Low-salinity water injection for EOR applications and for shale and tight sand fracturing has become a widely accepted approach. Experimental and modeling work is slowly unraveling the complexity of this system, with no unified theory to explain the fundamentals behind it. Our work adds a new spin to the topic, where the non-monotonic impact of salinity on contact angle reported in literature is linked to its non-monotonic impact on the properties of the water-oil interface.
We used a crude oil sample that originated from a field in Texas to create surfactant-stabilized brine-in-oil emulsions. We synthesized different brine systems starting from deionized water using two different salts, NaCl and CaCl2 at 8.55, 85.5 and 855 mMol/L. We quantified the stability of the emulsion using both gravimetric and centrifuge methods. We measured the variation in the viscosity of the emulsion for different brine fractions from 10 to 50 wt%.
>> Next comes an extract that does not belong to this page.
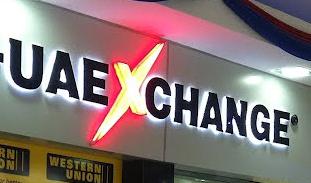
uaexchange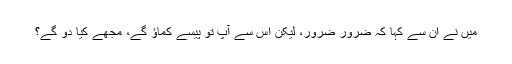
میں نے ان سے کہا کہ ضرور ضرور، لیکن اس سے آپ تو پیسے کماؤ گے، مجھے کیا دو گے؟

The results show a different effect of salt on stability for different values of water-cut. This effect can range from a stability being directly proportional to salt concentration in one case, to being inversely proportional to salt concentration in the other case, including a scenario where a non-monotonic impact is recorded.
The work provides a comprehensive and detailed set of experiments on various measurements relating to the brine-oil interactions away from the influence of rock minerals. It shows similar trends to what is reported in the literature on experiments and simulations where carbonate and sandstone rock minerals are included. This brings to question some of the theories that are used to explain this behavior given that the complexity is evident even without the rock presence.